The rest of Peter's relatives are doomed, since the happy ending depends on his becoming Lord Privilege. Some of the carnage seems unnecessary, such as the loss of his other sisters, and the madness of his father (since Midshipman Easy also involves a mad father, one wonders whether Marryat had personal reasons to be interested in the motif).
Some of the details of the father's madness reminded me of the teapot-uncle Patrick O'Brian's Diana shepherds briefly. Peter also has a sojourn in a madhouse, due to his scheming uncle the then-Lord-Privilege's plot; the details of the plot were strikingly similar to the forced madhouse incarceration in Sarah Waters' Fingersmith, and I wonder if Waters has deliberately reworked Marryat (or if the plot device is more common in nineteenth-century novels than I realize . . .)
***
I also read Sean Stewart's Perfect Circle, in two nights. During the first night I was quite absorbed; during the second I started to see the seam lines, as it were.

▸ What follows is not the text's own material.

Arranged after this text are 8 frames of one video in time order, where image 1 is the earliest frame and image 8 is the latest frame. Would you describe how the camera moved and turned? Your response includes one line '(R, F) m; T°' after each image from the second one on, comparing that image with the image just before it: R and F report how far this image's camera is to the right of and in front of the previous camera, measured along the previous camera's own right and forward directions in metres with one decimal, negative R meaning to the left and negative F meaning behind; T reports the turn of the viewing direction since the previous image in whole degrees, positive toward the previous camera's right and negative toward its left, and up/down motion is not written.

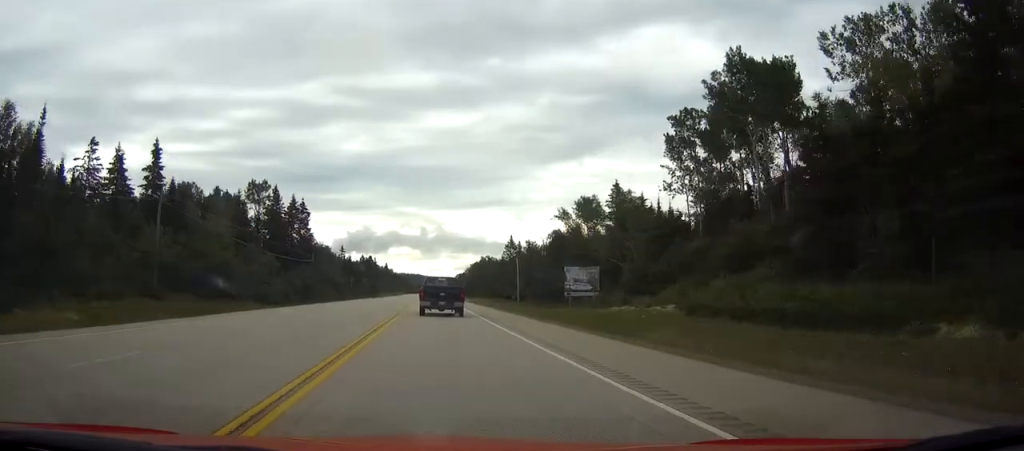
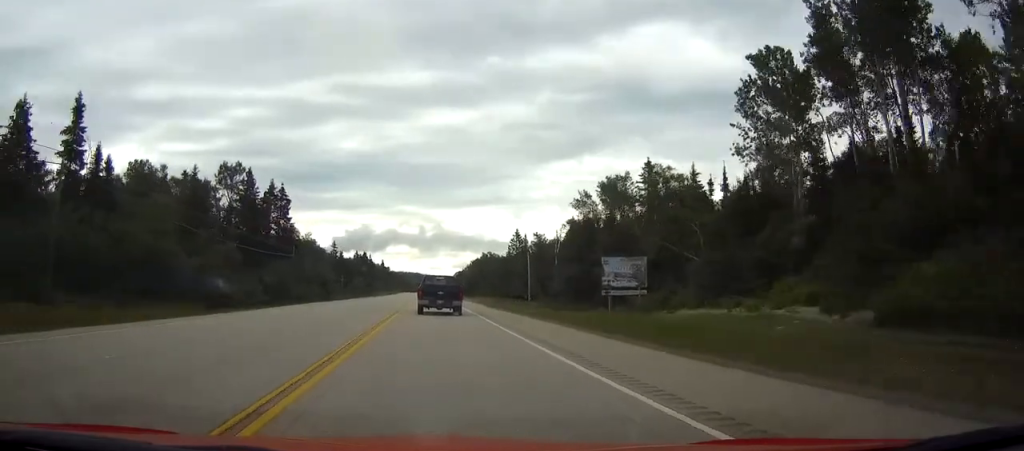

Sean Stewart's books are all about Being Part of One's Family. Perfect Circle varies the theme, by being as much about Dealing With One's Ex-Wife as Dealing With One's Family, Proper, but the thrust is still the same. I must confess that the theme is somewhat foreign to me; perhaps I have not had the right sorts of conflict with my own family. I read Sean Stewart more for the details, the way he sets up magic, the social commentary.
Besides family, Perfect Circle is about ghosts and Houston, Texas. The descriptions of Refinery Row created a familiar sort of paranoia; the descriptions of food left me skeptical (and a bit offended that my counterpart in the novel was so obviously Sonia, the uncomfortable Connecticut cousin-in-law). The ghosts are at first chilling-- and set up a truly messy accident scene, which sticks our hero with a $20,000 hospital bill, a form of suspense often ignored in the modern novel-- but by the end of the book we have seen so very ghosts that they are almost too familiar. In truth, the story was off-balance; the initial violence is too much for the rest of the book, which is stuck trying to be quirky instead of maudlin. It ends up feeling the way High Fidelity would feel if the hero didn't get the girl (which is, I must note, sensible of the girl), when it started out rather larger.
***
There is a hummingbird outside my window.